In [None]:
# Install packages
!pip install jiwer
!pip install pandas

In [1]:
# Import libraries
import jiwer
import pandas as pd

In [5]:
def asr_evaluation(truth, performed):
    '''
    Input:
    
    truth: sample's transcripts (list of strings)
    performed: transcripts performed by the asr model (list of strings)
    
    
    Output:
    WER, CER, MER, and WIP scores
    '''
    
    ground_truths = truth
    hypothesis = performed
    
    print("Model: \n")
    
    wer_score = jiwer.wer(truth=ground_truths, hypothesis=hypothesis)
    print(f"Word Error Rate (WER) = {wer_score}")

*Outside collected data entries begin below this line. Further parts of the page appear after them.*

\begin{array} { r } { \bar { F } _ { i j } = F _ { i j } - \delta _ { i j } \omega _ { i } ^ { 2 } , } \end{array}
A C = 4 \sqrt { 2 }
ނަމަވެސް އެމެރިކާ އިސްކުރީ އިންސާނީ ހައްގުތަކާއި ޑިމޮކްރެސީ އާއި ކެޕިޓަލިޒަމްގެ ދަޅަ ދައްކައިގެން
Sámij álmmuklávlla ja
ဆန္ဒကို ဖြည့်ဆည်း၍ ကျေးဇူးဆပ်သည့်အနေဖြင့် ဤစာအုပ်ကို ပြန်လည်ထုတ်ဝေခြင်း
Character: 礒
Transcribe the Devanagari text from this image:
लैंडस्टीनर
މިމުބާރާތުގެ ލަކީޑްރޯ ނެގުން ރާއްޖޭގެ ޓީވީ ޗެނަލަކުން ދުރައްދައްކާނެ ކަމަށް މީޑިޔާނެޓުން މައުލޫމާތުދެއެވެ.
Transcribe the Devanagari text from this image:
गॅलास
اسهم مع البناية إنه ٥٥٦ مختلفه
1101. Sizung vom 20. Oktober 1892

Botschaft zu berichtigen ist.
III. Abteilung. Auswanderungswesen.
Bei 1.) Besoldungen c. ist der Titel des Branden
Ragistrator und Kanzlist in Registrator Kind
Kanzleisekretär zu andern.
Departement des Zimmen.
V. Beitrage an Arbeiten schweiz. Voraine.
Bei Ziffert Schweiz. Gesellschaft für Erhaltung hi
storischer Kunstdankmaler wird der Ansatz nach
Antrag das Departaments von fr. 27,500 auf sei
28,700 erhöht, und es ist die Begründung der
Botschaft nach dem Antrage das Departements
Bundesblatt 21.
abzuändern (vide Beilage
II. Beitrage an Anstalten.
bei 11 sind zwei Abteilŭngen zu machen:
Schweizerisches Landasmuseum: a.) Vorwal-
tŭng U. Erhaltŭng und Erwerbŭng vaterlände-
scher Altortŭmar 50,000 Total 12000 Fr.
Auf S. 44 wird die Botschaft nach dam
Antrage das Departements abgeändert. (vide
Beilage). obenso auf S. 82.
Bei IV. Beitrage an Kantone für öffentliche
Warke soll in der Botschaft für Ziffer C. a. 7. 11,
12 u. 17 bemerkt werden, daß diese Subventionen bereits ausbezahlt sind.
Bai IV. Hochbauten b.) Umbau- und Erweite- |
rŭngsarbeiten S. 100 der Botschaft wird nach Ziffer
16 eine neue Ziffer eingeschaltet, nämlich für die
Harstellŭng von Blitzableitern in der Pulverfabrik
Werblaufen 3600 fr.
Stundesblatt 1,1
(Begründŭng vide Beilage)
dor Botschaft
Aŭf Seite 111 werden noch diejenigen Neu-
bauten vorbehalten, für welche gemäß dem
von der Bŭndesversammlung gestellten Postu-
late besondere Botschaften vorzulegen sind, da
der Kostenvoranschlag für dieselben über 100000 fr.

    cer_score = jiwer.cer(truth=ground_truths, hypothesis=hypothesis)
    print(f"Character Error Rate (CER) = {cer_score}")
    
    mer_score = jiwer.mer(truth=ground_truths, hypothesis=hypothesis)
    print(f"Match Error Rate (MER) = {mer_score}")
    
    wip_score = jiwer.wip(truth=ground_truths, hypothesis=hypothesis)
    print(f"Word Information Preserved (WIP) = {wip_score}")

In [2]:
# Read data
csv_data = pd.read_csv('cv_translated_with_noise_snr5.csv', encoding='utf-8')
csv_data.head()

Unnamed: 0.1,Unnamed: 0,path,original_transcript,noise_type,asr_transcript,translation
0,0,samples_with_noise_snr5/common_voice_uk_328578...,я чув і знав лиш одне,bus,я чув і знов лиш одне дома,I only heard one at home.
1,1,samples_with_noise_snr5/common_voice_uk_328578...,я чув і знав лиш одне,cafeteria,я чи пізнав лиш не дає,I don't know if it's worth it.
2,2,samples_with_noise_snr5/common_voice_uk_328578...,я чув і знав лиш одне,car,я чув і знав лиш одне,I heard and knew only one thing.
3,3,samples_with_noise_snr5/common_voice_uk_328578...,я чув і знав лиш одне,field,я чув і знав лиш одне,I heard and knew only one thing.
4,4,samples_with_noise_snr5/common_voice_uk_328578...,я чув і знав лиш одне,hallway,я чув і знов лише не,I heard it and not again.


In [3]:
# Convert input transcripts to list
truth = csv_data['original_transcript'].tolist()
performed = csv_data['asr_transcript'].tolist()

In [6]:
# Model evaluation for the entire dataset
asr_evaluation(truth, performed)

Model: 

Word Error Rate (WER) = 0.3305626598465473
Character Error Rate (CER) = 0.15671306690615178
Match Error Rate (MER) = 0.3075550267697799
Word Information Preserved (WIP) = 0.5324534666756792


In [7]:
# Model evaluation for each sentence
wer = []
cer = []
mer = []
wip = []

for i in range(len(truth)):
    wer.append(jiwer.wer(truth=truth[i], hypothesis=performed[i]))
    cer.append(jiwer.cer(truth=truth[i], hypothesis=performed[i]))
    mer.append(jiwer.mer(truth=truth[i], hypothesis=performed[i]))
    wip.append(jiwer.wip(truth=truth[i], hypothesis=performed[i]))

In [8]:
# Save sentence's scores to the dataframe
csv_data['wer'] = wer
csv_data['cer'] = cer
csv_data['mer'] = mer
csv_data['wip'] = wip
csv_data.head()

Unnamed: 0.1,Unnamed: 0,path,original_transcript,noise_type,asr_transcript,translation,wer,cer,mer,wip
0,0,samples_with_noise_snr5/common_voice_uk_328578...,я чув і знав лиш одне,bus,я чув і знов лиш одне дома,I only heard one at home.,0.333333,0.285714,0.285714,0.595238
1,1,samples_with_noise_snr5/common_voice_uk_328578...,я чув і знав лиш одне,cafeteria,я чи пізнав лиш не дає,I don't know if it's worth it.,0.833333,0.428571,0.833333,0.027778
2,2,samples_with_noise_snr5/common_voice_uk_328578...,я чув і знав лиш одне,car,я чув і знав лиш одне,I heard and knew only one thing.,0.0,0.0,0.0,1.0
3,3,samples_with_noise_snr5/common_voice_uk_328578...,я чув і знав лиш одне,field,я чув і знав лиш одне,I heard and knew only one thing.,0.0,0.0,0.0,1.0
4,4,samples_with_noise_snr5/common_voice_uk_328578...,я чув і знав лиш одне,hallway,я чув і знов лише не,I heard it and not again.,0.5,0.190476,0.5,0.25


In [None]:
# Save scores to csv file
csv_data.to_csv('cv_translated_with_noise_snr5_classification.csv', encoding='utf-8')